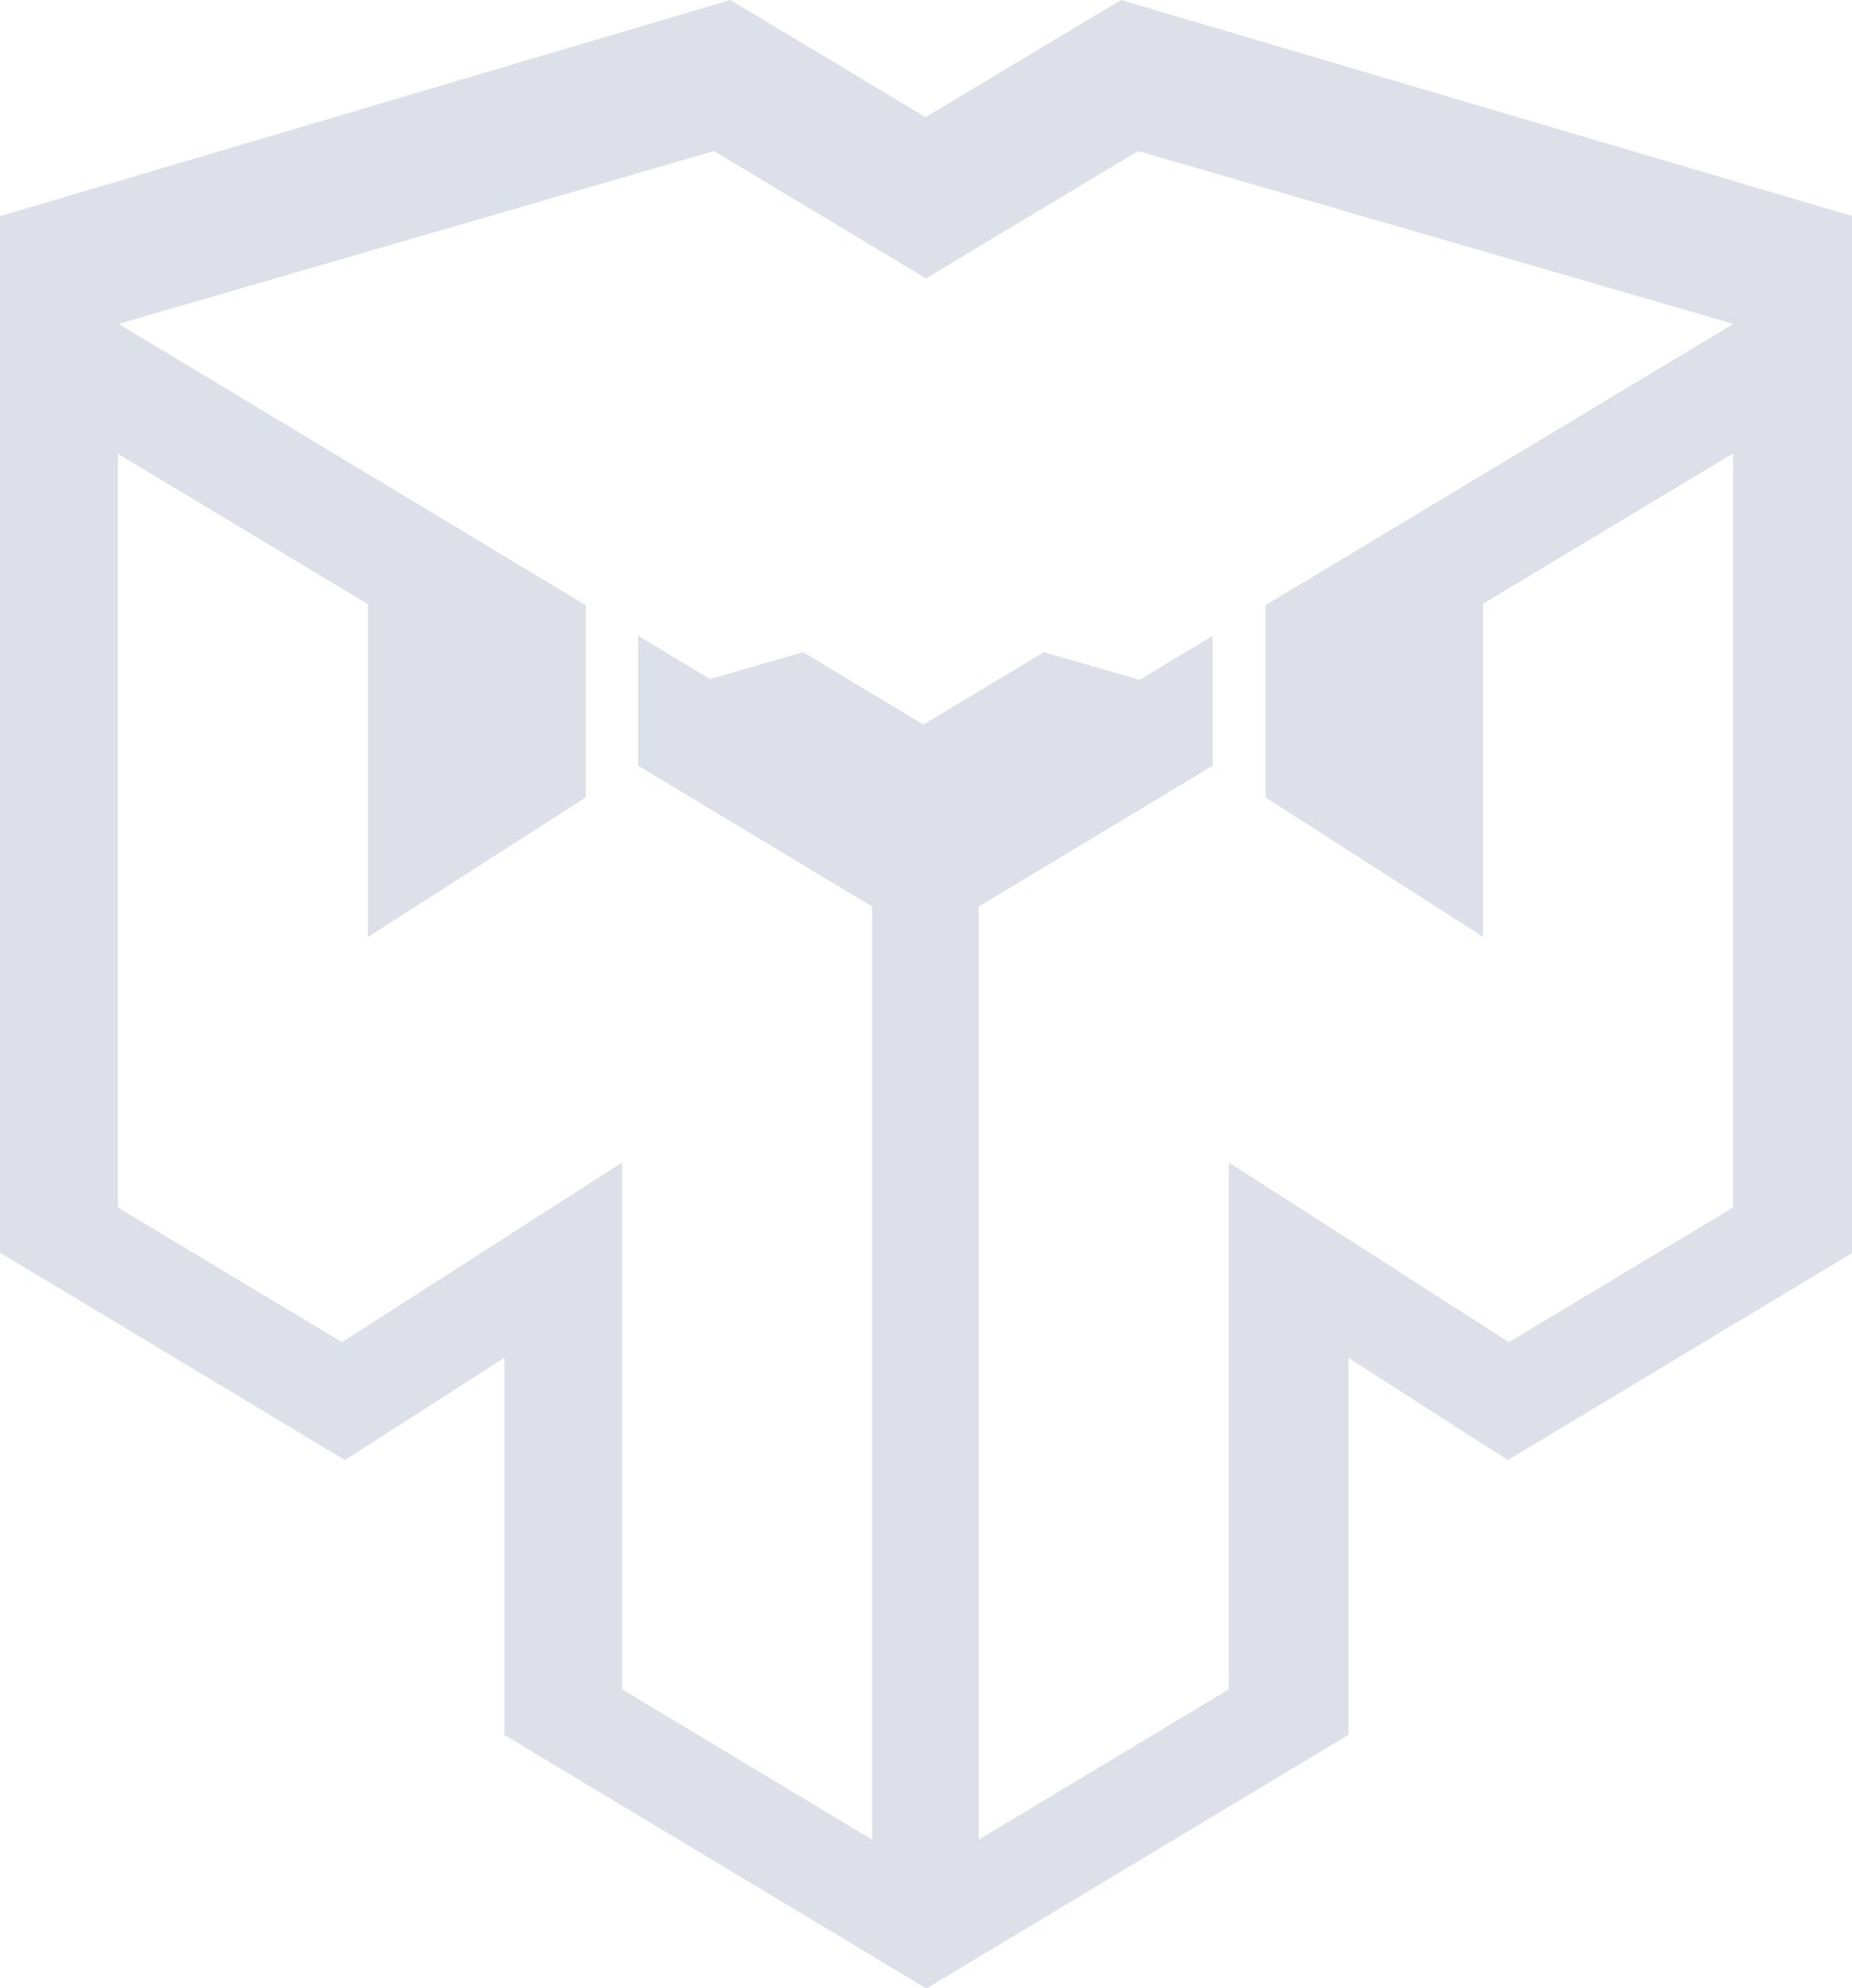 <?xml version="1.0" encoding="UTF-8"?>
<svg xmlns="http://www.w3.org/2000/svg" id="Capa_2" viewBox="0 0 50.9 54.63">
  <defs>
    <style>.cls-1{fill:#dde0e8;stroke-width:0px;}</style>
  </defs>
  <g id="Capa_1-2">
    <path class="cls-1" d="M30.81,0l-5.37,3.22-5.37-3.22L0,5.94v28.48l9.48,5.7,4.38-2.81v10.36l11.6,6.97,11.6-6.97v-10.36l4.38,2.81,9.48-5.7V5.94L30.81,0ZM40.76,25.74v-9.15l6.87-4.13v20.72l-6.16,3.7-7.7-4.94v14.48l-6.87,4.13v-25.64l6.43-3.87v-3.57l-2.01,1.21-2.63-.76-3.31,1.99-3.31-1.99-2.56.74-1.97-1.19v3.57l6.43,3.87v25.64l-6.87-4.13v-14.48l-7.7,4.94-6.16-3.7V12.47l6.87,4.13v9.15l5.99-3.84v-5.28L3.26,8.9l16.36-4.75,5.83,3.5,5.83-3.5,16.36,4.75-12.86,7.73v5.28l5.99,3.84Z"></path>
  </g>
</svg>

= WHAT THE EXERCISE ASKS =
Output every entry verbatim but skip the pictures.

= TASK SOLUTION =
 <?xml version="1.0" encoding="UTF-8"?>
<svg xmlns="http://www.w3.org/2000/svg" id="Capa_2" viewBox="0 0 50.9 54.63">
  <defs>
    <style>.cls-1{fill:#dde0e8;stroke-width:0px;}</style>
  </defs>
  <g id="Capa_1-2">
    <path class="cls-1" d="M30.81,0l-5.37,3.22-5.37-3.22L0,5.94v28.48l9.48,5.7,4.38-2.81v10.36l11.6,6.97,11.6-6.97v-10.36l4.38,2.81,9.48-5.7V5.94L30.81,0ZM40.76,25.74v-9.15l6.87-4.13v20.72l-6.16,3.7-7.7-4.94v14.48l-6.87,4.13v-25.64l6.43-3.87v-3.57l-2.01,1.21-2.63-.76-3.31,1.99-3.31-1.99-2.56.74-1.97-1.19v3.57l6.43,3.87v25.64l-6.87-4.13v-14.48l-7.7,4.94-6.16-3.7V12.47l6.87,4.13v9.15l5.99-3.84v-5.28L3.26,8.9l16.36-4.75,5.83,3.5,5.83-3.5,16.36,4.75-12.86,7.73v5.28l5.99,3.84Z"></path>
  </g>
</svg>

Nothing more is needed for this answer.